──────── ENTRIES PROVIDED ────────
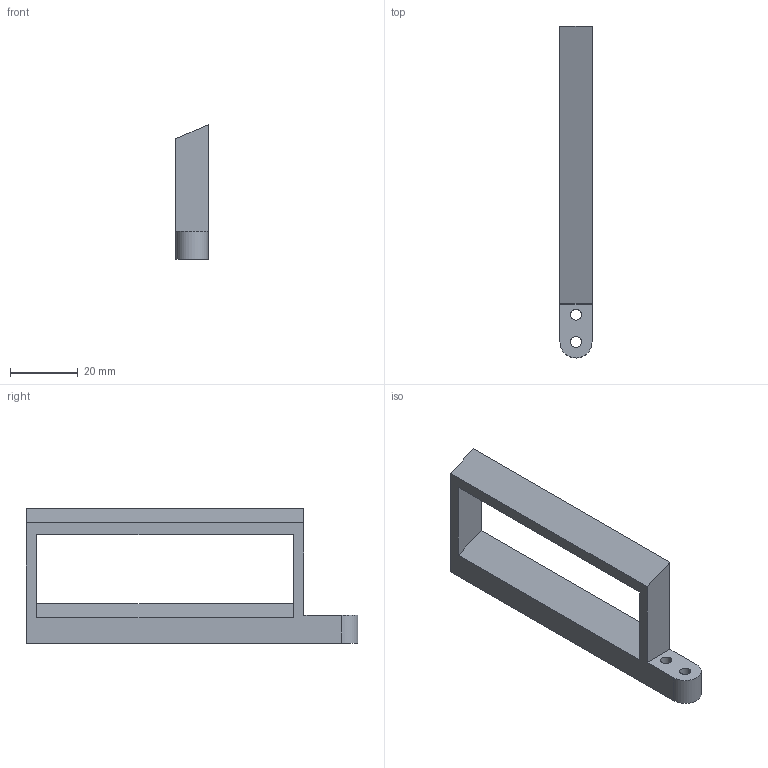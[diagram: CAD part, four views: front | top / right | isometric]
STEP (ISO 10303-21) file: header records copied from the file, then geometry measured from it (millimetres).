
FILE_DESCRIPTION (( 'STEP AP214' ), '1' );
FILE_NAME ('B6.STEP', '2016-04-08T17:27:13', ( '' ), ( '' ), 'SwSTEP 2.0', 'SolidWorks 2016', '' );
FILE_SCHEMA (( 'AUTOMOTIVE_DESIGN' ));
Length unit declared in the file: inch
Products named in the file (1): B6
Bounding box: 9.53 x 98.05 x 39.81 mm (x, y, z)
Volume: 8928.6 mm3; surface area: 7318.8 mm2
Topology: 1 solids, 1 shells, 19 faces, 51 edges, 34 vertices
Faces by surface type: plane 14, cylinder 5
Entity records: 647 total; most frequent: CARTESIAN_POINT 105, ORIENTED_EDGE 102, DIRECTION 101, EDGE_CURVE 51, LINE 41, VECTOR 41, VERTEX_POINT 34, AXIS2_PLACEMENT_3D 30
────────
◆ EXERCISE DESCRIPTION: From the line that contains "STEP (ISO 10303-21)" through the end of the records above, print every line exactly and nothing else.

◆ ANSWER TO THIS TASK:
STEP (ISO 10303-21) file: header records copied from the file, then geometry measured from it (millimetres).
FILE_DESCRIPTION (( 'STEP AP214' ), '1' );
FILE_NAME ('B6.STEP', '2016-04-08T17:27:13', ( '' ), ( '' ), 'SwSTEP 2.0', 'SolidWorks 2016', '' );
FILE_SCHEMA (( 'AUTOMOTIVE_DESIGN' ));
Length unit declared in the file: inch
Products named in the file (1): B6
Bounding box: 9.53 x 98.05 x 39.81 mm (x, y, z)
Volume: 8928.6 mm3; surface area: 7318.8 mm2
Topology: 1 solids, 1 shells, 19 faces, 51 edges, 34 vertices
Faces by surface type: plane 14, cylinder 5
Entity records: 647 total; most frequent: CARTESIAN_POINT 105, ORIENTED_EDGE 102, DIRECTION 101, EDGE_CURVE 51, LINE 41, VECTOR 41, VERTEX_POINT 34, AXIS2_PLACEMENT_3D 30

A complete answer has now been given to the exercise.